TASK GOAL. Count how many lines in the material below hold the word "outdoors"; the reply is that number alone.

*** Opening DATA RECORDS ***

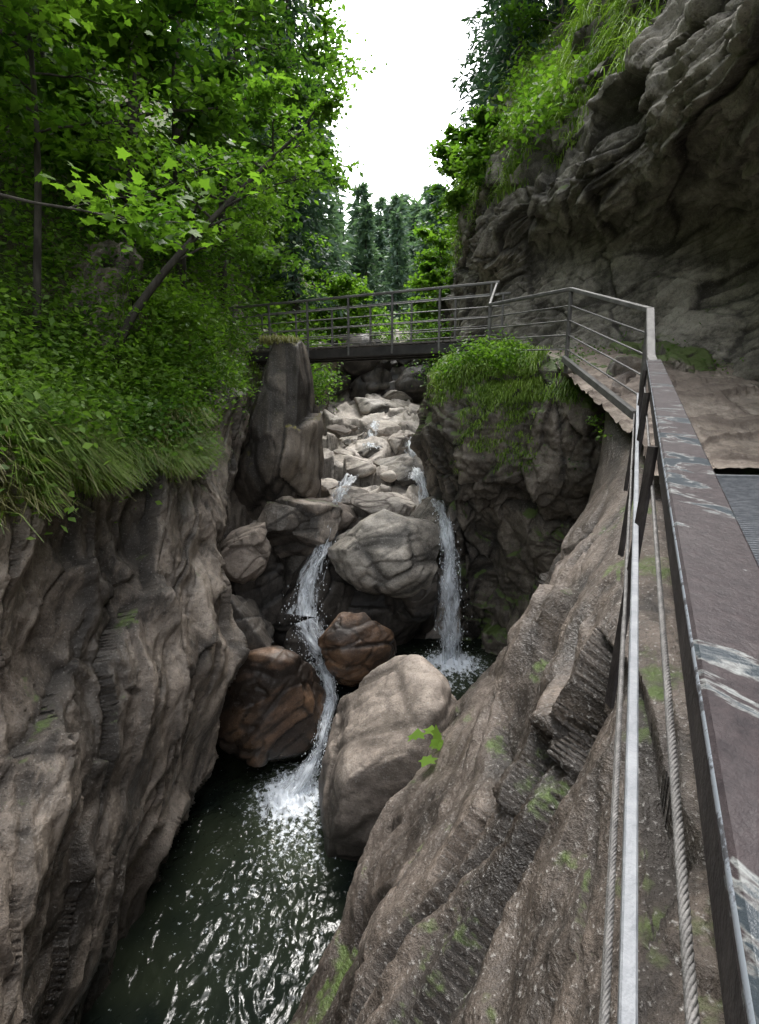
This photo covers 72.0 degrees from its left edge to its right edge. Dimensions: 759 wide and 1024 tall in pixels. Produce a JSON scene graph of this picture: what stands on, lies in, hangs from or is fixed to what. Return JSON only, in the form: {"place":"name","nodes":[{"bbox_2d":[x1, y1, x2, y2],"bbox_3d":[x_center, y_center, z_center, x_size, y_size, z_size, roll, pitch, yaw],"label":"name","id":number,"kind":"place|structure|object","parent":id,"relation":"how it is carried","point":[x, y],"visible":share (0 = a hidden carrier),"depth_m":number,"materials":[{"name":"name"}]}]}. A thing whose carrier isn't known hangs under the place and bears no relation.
{"place":"outdoors","nodes":[
{"label":"outdoors","id":0,"kind":"place"},
{"bbox_2d":[0,44,319,403],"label":"ground","id":1,"kind":"structure","parent":0,"point":[10,244],"depth_m":8.58,"materials":[{"name":"green plant"}]},
{"bbox_2d":[3,24,84,72],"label":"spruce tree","id":2,"kind":"object","parent":1,"relation":"on","point":[42,53],"depth_m":13.75,"materials":[{"name":"green plant"}]},
{"bbox_2d":[0,0,100,77],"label":"maple tree","id":3,"kind":"object","parent":1,"relation":"on","point":[22,6],"visible":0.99,"depth_m":5.33,"materials":[{"name":"green plant"}]},
{"bbox_2d":[0,0,154,200],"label":"maple tree","id":4,"kind":"object","parent":1,"relation":"on","point":[121,25],"visible":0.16,"depth_m":7.54,"materials":[{"name":"green plant"}]},
{"bbox_2d":[0,0,194,347],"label":"deciduous tree","id":5,"kind":"object","parent":1,"relation":"on","point":[147,106],"visible":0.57,"depth_m":6.86,"materials":[{"name":"green plant"}]},
{"bbox_2d":[0,0,201,128],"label":"deciduous tree","id":6,"kind":"object","parent":1,"relation":"on","point":[1,2],"visible":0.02,"depth_m":11.37,"materials":[{"name":"green plant"}]},
{"bbox_2d":[0,199,214,480],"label":"undergrowth","id":7,"kind":"object","parent":1,"relation":"on","point":[33,355],"visible":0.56,"depth_m":6.83,"materials":[{"name":"green plant"}]},
{"bbox_2d":[0,0,216,125],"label":"deciduous tree","id":8,"kind":"object","parent":1,"relation":"on","point":[173,60],"visible":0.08,"depth_m":9.85,"materials":[{"name":"green plant"}]},
{"bbox_2d":[0,319,226,539],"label":"shrub","id":9,"kind":"object","parent":1,"relation":"on","point":[114,421],"visible":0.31,"depth_m":6.33,"materials":[{"name":"green plant"}]},
{"bbox_2d":[47,2,215,104],"bbox_3d":[-8.274,-17.405,15.037,7.506,13.158,10.467,-9,15,-36],"label":"deciduous tree","id":10,"kind":"object","parent":1,"relation":"on","point":[105,70],"visible":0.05,"depth_m":16.64,"materials":[{"name":"green plant"}]},
{"bbox_2d":[0,0,274,254],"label":"deciduous tree","id":11,"kind":"object","parent":1,"relation":"on","point":[130,41],"visible":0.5,"depth_m":8.72,"materials":[{"name":"green plant"}]},
{"bbox_2d":[0,18,286,463],"bbox_3d":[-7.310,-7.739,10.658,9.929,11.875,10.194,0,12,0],"label":"undergrowth","id":12,"kind":"object","parent":1,"relation":"on","point":[9,177],"visible":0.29,"depth_m":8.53,"materials":[{"name":"green plant"}]},
{"bbox_2d":[24,254,262,435],"bbox_3d":[-3.400,-2.932,9.523,2.478,3.417,6.751,0,12,0],"label":"shrub","id":13,"kind":"object","parent":1,"relation":"on","point":[238,373],"visible":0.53,"depth_m":8.95,"materials":[{"name":"green plant"}]},
{"bbox_2d":[97,0,215,124],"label":"deciduous tree","id":14,"kind":"object","parent":1,"relation":"on","point":[183,25],"visible":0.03,"depth_m":22.02,"materials":[{"name":"green plant"}]},
{"bbox_2d":[6,0,310,291],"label":"deciduous tree","id":15,"kind":"object","parent":1,"relation":"on","point":[178,128],"visible":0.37,"depth_m":10.98,"materials":[{"name":"green plant"}]},
{"bbox_2d":[0,237,339,1023],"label":"gorge rock wall","id":16,"kind":"structure","parent":1,"relation":"on","point":[124,651],"depth_m":5.34,"materials":[{"name":"grey stone"}]},
{"bbox_2d":[0,345,234,541],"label":"grass","id":17,"kind":"structure","parent":16,"relation":"on","point":[79,449],"depth_m":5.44,"materials":[{"name":"green plant"}]},
{"bbox_2d":[0,0,261,255],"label":"maple tree","id":18,"kind":"object","parent":16,"relation":"on","point":[16,107],"visible":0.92,"depth_m":5.73,"materials":[{"name":"green plant"}]},
{"bbox_2d":[229,547,284,626],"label":"boulder","id":19,"kind":"object","parent":16,"relation":"attached to","point":[264,590],"visible":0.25,"depth_m":10.28,"materials":[{"name":"grey stone"}]},
{"bbox_2d":[220,522,270,583],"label":"boulder","id":20,"kind":"object","parent":19,"relation":"on","point":[245,552],"visible":0.98,"depth_m":9.56,"materials":[{"name":"grey stone"}]},
{"bbox_2d":[256,496,342,557],"bbox_3d":[-1.737,0.319,10.513,1.992,1.277,1.341,0,12,0],"label":"boulder","id":21,"kind":"object","parent":19,"relation":"on","point":[299,527],"visible":0.82,"depth_m":10.16,"materials":[{"name":"grey stone"}]},
{"bbox_2d":[311,362,350,411],"bbox_3d":[-1.881,-4.073,16.765,1.956,1.743,3.483,0,12,0],"label":"shrub","id":22,"kind":"object","parent":16,"relation":"on","point":[323,379],"visible":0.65,"depth_m":16.63,"materials":[{"name":"green plant"}]},
{"bbox_2d":[4,38,354,375],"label":"undergrowth","id":23,"kind":"object","parent":1,"relation":"on","point":[268,291],"visible":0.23,"depth_m":17.83,"materials":[{"name":"green plant"}]},
{"bbox_2d":[106,263,264,390],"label":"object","id":24,"kind":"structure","parent":1,"relation":"on","point":[221,368],"depth_m":9.24,"materials":[{"name":"green plant"}]},
{"bbox_2d":[43,66,357,362],"bbox_3d":[-2.349,-4.288,8.404,3.758,4.800,4.728,11,17,43],"label":"deciduous tree","id":25,"kind":"object","parent":1,"relation":"on","point":[266,92],"visible":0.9,"depth_m":7.99,"materials":[{"name":"green plant"}]},
{"bbox_2d":[81,0,350,309],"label":"deciduous tree","id":26,"kind":"object","parent":1,"relation":"on","point":[303,101],"visible":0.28,"depth_m":14.51,"materials":[{"name":"green plant"}]},
{"bbox_2d":[159,7,275,207],"bbox_3d":[-6.635,-22.337,21.784,5.548,21.000,5.846,0,12,0],"label":"deciduous tree","id":27,"kind":"object","parent":1,"relation":"on","point":[212,54],"visible":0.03,"depth_m":22.13,"materials":[{"name":"green plant"}]},
{"bbox_2d":[105,0,351,261],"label":"deciduous tree","id":28,"kind":"object","parent":1,"relation":"on","point":[314,48],"visible":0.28,"depth_m":18.06,"materials":[{"name":"green plant"}]},
{"bbox_2d":[210,0,388,320],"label":"deciduous tree","id":29,"kind":"object","parent":1,"relation":"on","point":[328,27],"visible":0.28,"depth_m":21.30,"materials":[{"name":"green plant"}]},
{"bbox_2d":[241,0,358,334],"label":"spruce tree","id":30,"kind":"object","parent":1,"relation":"on","point":[299,239],"visible":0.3,"depth_m":19.35,"materials":[{"name":"green plant"}]},
{"bbox_2d":[281,129,328,293],"bbox_3d":[-5.029,-16.622,30.102,4.911,15.000,4.987,0,12,0],"label":"spruce tree","id":31,"kind":"object","parent":1,"relation":"on","point":[315,236],"depth_m":30.12,"materials":[{"name":"green plant"}]},
{"bbox_2d":[135,0,531,334],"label":"distant spruce forest","id":32,"kind":"object","parent":1,"relation":"on","point":[378,247],"visible":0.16,"depth_m":38.49,"materials":[{"name":"green plant"}]},
{"bbox_2d":[312,298,437,342],"bbox_3d":[0.083,-8.837,26.059,7.613,3.122,7.598,0,12,0],"label":"shrub","id":33,"kind":"object","parent":1,"relation":"on","point":[407,318],"visible":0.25,"depth_m":24.19,"materials":[{"name":"green plant"}]},
{"bbox_2d":[330,334,439,400],"bbox_3d":[0.456,-6.455,23.741,6.684,3.193,3.340,0,12,0],"label":"rock step","id":34,"kind":"object","parent":1,"relation":"on","point":[381,377],"visible":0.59,"depth_m":22.72,"materials":[{"name":"grey stone"}]},
{"bbox_2d":[404,178,456,293],"bbox_3d":[4.083,-14.237,28.497,5.740,6.808,4.479,0,12,0],"label":"deciduous tree","id":35,"kind":"object","parent":1,"relation":"on","point":[435,210],"visible":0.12,"depth_m":28.08,"materials":[{"name":"green plant"}]},
{"bbox_2d":[407,226,454,319],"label":"deciduous tree","id":36,"kind":"object","parent":1,"relation":"on","point":[439,243],"visible":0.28,"depth_m":24.13,"materials":[{"name":"green plant"}]},
{"bbox_2d":[438,0,528,190],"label":"spruce tree","id":37,"kind":"object","parent":1,"relation":"on","point":[476,33],"visible":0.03,"depth_m":23.35,"materials":[{"name":"green plant"}]},
{"bbox_2d":[430,0,551,219],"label":"spruce tree","id":38,"kind":"object","parent":1,"relation":"on","point":[463,85],"visible":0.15,"depth_m":18.91,"materials":[{"name":"green plant"}]},
{"bbox_2d":[458,0,572,128],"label":"spruce tree","id":39,"kind":"object","parent":1,"relation":"on","point":[493,91],"visible":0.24,"depth_m":16.35,"materials":[{"name":"green plant"}]},
{"bbox_2d":[289,371,758,1023],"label":"rock slab wall","id":40,"kind":"structure","parent":1,"relation":"on","point":[477,891],"depth_m":2.57,"materials":[{"name":"grey stone"}]},
{"bbox_2d":[408,725,442,766],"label":"maple sapling","id":41,"kind":"object","parent":40,"relation":"on","point":[437,742],"visible":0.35,"depth_m":5.33,"materials":[{"name":"green plant"}]},
{"bbox_2d":[585,413,611,442],"bbox_3d":[3.007,-1.040,6.911,0.573,0.529,1.116,0,12,0],"label":"shrub","id":42,"kind":"object","parent":40,"relation":"on","point":[599,431],"visible":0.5,"depth_m":6.98,"materials":[{"name":"green plant"}]},
{"bbox_2d":[659,474,758,564],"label":"walkway","id":43,"kind":"structure","parent":40,"relation":"on","point":[741,492],"depth_m":4.04,"materials":[{"name":"metal"}]},
{"bbox_2d":[476,0,584,71],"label":"deciduous tree","id":44,"kind":"object","parent":1,"relation":"on","point":[533,13],"visible":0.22,"depth_m":15.41,"materials":[{"name":"green plant"}]},
{"bbox_2d":[511,0,577,30],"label":"spruce tree","id":45,"kind":"object","parent":1,"relation":"on","point":[569,11],"visible":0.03,"depth_m":16.64,"materials":[{"name":"green plant"}]},
{"bbox_2d":[410,340,733,654],"bbox_3d":[2.438,0.511,11.450,4.025,7.876,8.851,-8,14,-33],"label":"mossy rock outcrop","id":46,"kind":"object","parent":1,"relation":"on","point":[510,533],"visible":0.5,"depth_m":9.30,"materials":[{"name":"grey stone"}]},
{"bbox_2d":[228,281,510,364],"bbox_3d":[-0.448,-4.229,12.145,6.626,1.342,1.245,5,13,23],"label":"footbridge","id":47,"kind":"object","parent":46,"relation":"on","point":[370,351],"visible":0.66,"depth_m":11.66,"materials":[{"name":"grey metal"}]},
{"bbox_2d":[407,436,428,503],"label":"waterfall","id":48,"kind":"structure","parent":46,"relation":"on","point":[416,475],"depth_m":12.48,"materials":[{"name":"white liquid"}]},
{"bbox_2d":[426,324,534,390],"bbox_3d":[1.843,-2.681,9.353,2.267,1.337,1.540,9,15,37],"label":"shrub","id":49,"kind":"object","parent":46,"relation":"on","point":[508,351],"visible":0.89,"depth_m":9.10,"materials":[{"name":"green plant"}]},
{"bbox_2d":[454,383,544,477],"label":"grass","id":50,"kind":"structure","parent":46,"relation":"on","point":[510,414],"depth_m":8.70,"materials":[{"name":"green plant"}]},
{"bbox_2d":[423,339,587,409],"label":"grass","id":51,"kind":"structure","parent":46,"relation":"on","point":[530,369],"depth_m":8.81,"materials":[{"name":"green plant"}]},
{"bbox_2d":[427,322,743,470],"bbox_3d":[3.359,-1.887,8.766,5.175,2.635,2.355,7,14,28],"label":"shrub","id":52,"kind":"object","parent":46,"relation":"on","point":[668,349],"visible":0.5,"depth_m":8.40,"materials":[{"name":"green plant"}]},
{"bbox_2d":[487,282,758,1023],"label":"steel handrail","id":53,"kind":"object","parent":46,"relation":"on","point":[714,568],"visible":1,"depth_m":0.69,"materials":[{"name":"metal"}]},
{"bbox_2d":[547,343,758,475],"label":"footpath","id":54,"kind":"structure","parent":46,"relation":"on","point":[721,407],"depth_m":6.68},
{"bbox_2d":[80,739,357,1023],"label":"stream pool water","id":55,"kind":"structure","parent":0,"point":[238,921],"depth_m":6.26,"materials":[{"name":"green liquid"}]},
{"bbox_2d":[217,646,325,766],"bbox_3d":[-1.892,3.143,8.872,1.952,2.170,1.936,0,12,0],"label":"boulder","id":56,"kind":"object","parent":55,"relation":"in","point":[273,705],"visible":0.87,"depth_m":8.20,"materials":[{"name":"brown stone"}]},
{"bbox_2d":[230,594,273,649],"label":"boulder","id":57,"kind":"object","parent":56,"relation":"on","point":[255,627],"visible":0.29,"depth_m":9.03,"materials":[{"name":"grey stone"}]},
{"bbox_2d":[318,654,456,860],"bbox_3d":[0.119,3.826,7.573,2.096,3.514,1.947,0,12,0],"label":"boulder","id":58,"kind":"object","parent":55,"relation":"in","point":[371,763],"visible":0.48,"depth_m":6.87,"materials":[{"name":"grey-beige rock"}]},
{"bbox_2d":[276,664,337,805],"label":"waterfall","id":59,"kind":"structure","parent":0,"point":[306,768],"depth_m":8.33,"materials":[{"name":"white liquid"}]},
{"bbox_2d":[136,0,551,228],"label":"sky","id":60,"kind":"structure","parent":0,"point":[406,103],"materials":[{"name":"white"}]},
{"bbox_2d":[250,321,460,737],"bbox_3d":[0.000,-2.186,16.915,8.400,12.767,26.000,0,12,0],"label":"stream bed","id":61,"kind":"object","parent":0,"point":[346,414],"visible":0.12,"depth_m":15.70,"materials":[{"name":"grey stone"}]},
{"bbox_2d":[235,340,323,520],"bbox_3d":[-2.149,-1.379,11.558,2.112,4.708,2.079,9,15,37],"label":"boulder","id":62,"kind":"object","parent":61,"relation":"on","point":[281,453],"visible":0.8,"depth_m":10.80,"materials":[{"name":"grey stone"}]},
{"bbox_2d":[258,333,301,346],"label":"grass","id":63,"kind":"structure","parent":62,"relation":"on","point":[269,340],"depth_m":10.81,"materials":[{"name":"green plant"}]},
{"bbox_2d":[279,499,337,624],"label":"waterfall","id":64,"kind":"structure","parent":61,"relation":"on","point":[307,590],"depth_m":9.85,"materials":[{"name":"white liquid"}]},
{"bbox_2d":[306,498,357,531],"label":"boulder","id":65,"kind":"object","parent":61,"relation":"on","point":[349,516],"visible":0.28,"depth_m":11.13,"materials":[{"name":"grey stone"}]},
{"bbox_2d":[335,473,358,537],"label":"waterfall","id":66,"kind":"structure","parent":61,"relation":"on","point":[349,481],"depth_m":12.29,"materials":[{"name":"white liquid"}]},
{"bbox_2d":[303,273,395,338],"bbox_3d":[-1.871,-9.161,24.294,4.035,3.424,4.840,11,16,42],"label":"deciduous tree","id":67,"kind":"object","parent":61,"relation":"on","point":[348,287],"visible":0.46,"depth_m":23.95,"materials":[{"name":"green plant"}]},
{"bbox_2d":[321,405,413,504],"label":"river rocks","id":68,"kind":"object","parent":61,"relation":"on","point":[357,465],"visible":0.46,"depth_m":14.94,"materials":[{"name":"grey stone"}]},
{"bbox_2d":[353,420,381,449],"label":"waterfall","id":69,"kind":"structure","parent":61,"relation":"on","point":[371,434],"depth_m":17.09,"materials":[{"name":"white liquid"}]},
{"bbox_2d":[350,492,415,515],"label":"boulder","id":70,"kind":"object","parent":61,"relation":"on","point":[373,503],"visible":0.79,"depth_m":11.32,"materials":[{"name":"grey stone"}]},
{"bbox_2d":[341,390,428,497],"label":"river rocks","id":71,"kind":"object","parent":61,"relation":"on","point":[401,465],"visible":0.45,"depth_m":15.59,"materials":[{"name":"grey stone"}]},
{"bbox_2d":[347,589,437,645],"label":"boulder","id":72,"kind":"object","parent":61,"relation":"on","point":[374,607],"visible":0.15,"depth_m":10.84,"materials":[{"name":"grey stone"}]},
{"bbox_2d":[327,509,442,597],"bbox_3d":[0.135,0.814,10.237,2.353,1.802,1.659,0,12,0],"label":"boulder","id":73,"kind":"object","parent":72,"relation":"on","point":[387,552],"visible":0.99,"depth_m":9.71,"materials":[{"name":"grey stone"}]},
{"bbox_2d":[384,572,440,622],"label":"boulder","id":74,"kind":"object","parent":72,"relation":"on","point":[421,605],"visible":0.59,"depth_m":10.15,"materials":[{"name":"stone"}]},
{"bbox_2d":[409,496,447,526],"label":"boulder","id":75,"kind":"object","parent":61,"relation":"on","point":[425,508],"visible":0.34,"depth_m":11.16,"materials":[{"name":"grey stone"}]},
{"bbox_2d":[317,638,497,704],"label":"plunge pool water","id":76,"kind":"structure","parent":0,"point":[476,661],"depth_m":10.22,"materials":[{"name":"white liquid"}]},
{"bbox_2d":[273,610,333,685],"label":"waterfall","id":77,"kind":"structure","parent":76,"relation":"on","point":[312,641],"depth_m":9.48,"materials":[{"name":"white liquid"}]},
{"bbox_2d":[283,619,326,671],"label":"boulder","id":78,"kind":"object","parent":76,"relation":"in","point":[292,643],"visible":0.34,"depth_m":9.78,"materials":[{"name":"grey stone"}]},
{"bbox_2d":[273,553,355,646],"bbox_3d":[-1.351,1.960,10.859,1.876,2.268,1.052,-10,16,-39],"label":"boulder","id":79,"kind":"object","parent":76,"relation":"in","point":[335,596],"visible":0.57,"depth_m":10.45,"materials":[{"name":"grey stone"}]},
{"bbox_2d":[318,612,396,686],"bbox_3d":[-0.385,2.411,9.459,1.419,1.420,1.278,0,12,0],"label":"boulder","id":80,"kind":"object","parent":76,"relation":"in","point":[356,648],"visible":0.93,"depth_m":9.03,"materials":[{"name":"brown stone"}]},
{"bbox_2d":[425,498,471,668],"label":"waterfall","id":81,"kind":"structure","parent":76,"relation":"in","point":[446,536],"depth_m":10.04,"materials":[{"name":"white liquid"}]},
{"bbox_2d":[440,0,758,393],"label":"overhanging cliff","id":82,"kind":"structure","parent":0,"point":[646,193],"depth_m":8.86,"materials":[{"name":"grey stone"}]},
{"bbox_2d":[398,259,453,359],"bbox_3d":[2.372,-7.793,20.859,3.507,4.379,3.374,-6,13,-26],"label":"deciduous tree","id":83,"kind":"object","parent":82,"relation":"on","point":[433,277],"visible":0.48,"depth_m":20.28,"materials":[{"name":"green plant"}]},
{"bbox_2d":[396,314,456,393],"bbox_3d":[1.934,-5.425,18.146,2.248,2.715,4.801,-1,12,-4],"label":"shrub","id":84,"kind":"object","parent":82,"relation":"on","point":[434,335],"visible":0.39,"depth_m":17.44,"materials":[{"name":"green plant"}]},
{"bbox_2d":[427,122,477,214],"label":"deciduous tree","id":85,"kind":"object","parent":82,"relation":"on","point":[457,136],"visible":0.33,"depth_m":15.40,"materials":[{"name":"green plant"}]},
{"bbox_2d":[443,102,514,198],"bbox_3d":[2.986,-8.704,13.135,2.135,2.572,2.673,10,15,38],"label":"deciduous tree","id":86,"kind":"object","parent":82,"relation":"on","point":[473,163],"visible":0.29,"depth_m":12.76,"materials":[{"name":"green plant"}]},
{"bbox_2d":[429,0,606,252],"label":"shrub","id":87,"kind":"object","parent":82,"relation":"on","point":[543,112],"visible":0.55,"depth_m":11.29,"materials":[{"name":"green plant"}]},
{"bbox_2d":[441,0,666,279],"bbox_3d":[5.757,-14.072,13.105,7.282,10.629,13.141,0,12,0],"label":"grass","id":88,"kind":"structure","parent":82,"relation":"on","point":[588,18],"depth_m":10.33,"materials":[{"name":"green plant"}]}
]}

*** Closing DATA RECORDS ***

OUTPUT BELOW. 2